Nevertheless, the officers subjected McCarthy to a strip search before transferring her to a federal detention facility in Florence, Arizona. At no point did they allow McCarthy to prove she was not the suspect they were looking for.

After arriving in Florence, the officers strip-searched her again in a room full of other detainees. She was placed in a cold holding cell outfitted with a leaky toilet. "They never let me make a phone call. They never gave me any Miranda rights. They never wanted to hear a single thing I had to say. The proof that I was me," McCarthy said.

It was only after she persuaded a supervisor to allow her to call her sister that anyone in her family knew she had been taken. The officers strip-searched her for a third time just before returning her to Phoenix for a court hearing. McCarthy’s public defender told the court that the authorities had arrested the wrong person. However, the prosecution requested additional time to verify her identity.

After having been in federal custody for about 27 hours, they finally released her.
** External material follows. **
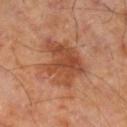Acquisition and patient details: Captured under cross-polarized illumination. A lesion tile, about 15 mm wide, cut from a 3D total-body photograph. The subject is a male about 70 years old. On the right lower leg. Longest diameter approximately 6 mm.

Still, they required her to check in weekly with her court-appointed lawyer. "It was my understanding that I was still considered a Carol Ann Rosack, and I had to prove I was Penny McCarthy in court, up until they dropped those charges," she said.

It was later revealed that the US Marshals had identified McCarthy as Rozak based on a 25-year-old warrant for Rozak and a printout of McCarthy’s Facebook profile. Her maiden name, Burns, was similar to one of Rozak’s aliases, Penny Leigh Burns.

Yet, despite obvious differences in age, eye color, social security numbers, and no shared criminal history, the officers relied on this insufficient information to justify the arrest.

The ordeal has taken a significant toll on McCarthy’s mental health. "I have horrible PTSD. My dog has PTSD. I can't even get her groomed anymore. She's got PTSD so bad," McCarthy said. "I don't know if my house was locked or if the door was full shut. I don't know if they lived inside my house. I know nothing."

McCarthy is now suing the US government and individual federal officers with the help of the Institute for Justice (IJ), a public interest law firm. The lawsuit, filed earlier this month, alleges that the authorities violated her Fourth and Fifth Amendment rights.

The marshals arrested McCarthy without a warrant, ignored clear signs that she was not the suspect, and subjected her to degrading treatment based on tenuous evidence. The lawsuit alleges assault, battery, trespass, false imprisonment, negligence, and malicious prosecution. The legal action also challenges protections provided by the Westfall Act, which gives a measure of immunity from lawsuits to government employees.

IJ attorney Paul Avelar, who is representing McCarthy, characterized the lawsuit as a direct challenge to systemic failures in how federal agents avoid accountability.

"Penny’s case is, sadly, an exemplar of some things that we've been seeing nationally," Avelar told Townhall. "We knew that Penny had not only a great case on her assault and merits, but that there was an opportunity here for us to litigate to ensure that people can stand up for their own rights in court."

He suggested that “To the extent the Westfall Act is cutting off all liability against anyone, then that’s the problem.” 

When asked why the officers would tell McCarthy that her fingerprints, DNA, and tattoo matched Rozak’s, he replied, “It’s clearly wrong at the time. They coudl have been flat out lies. They could have had someone who was wholly unqualified to do these things. We just don’t know yet.”

Even more galling is that McCarthy has not received so much as an apology from the US Marshals Service. “Penny has never heard from the Marshal's office,” Avelar said. “It was all a giant black box.”

There is no indication that any of the officers involved faced disciplinary action for the mishap. 

McCarthy says she is not only seeking personal vindication with the lawsuit. “I’m hoping that this can’t happen to another person,” she said.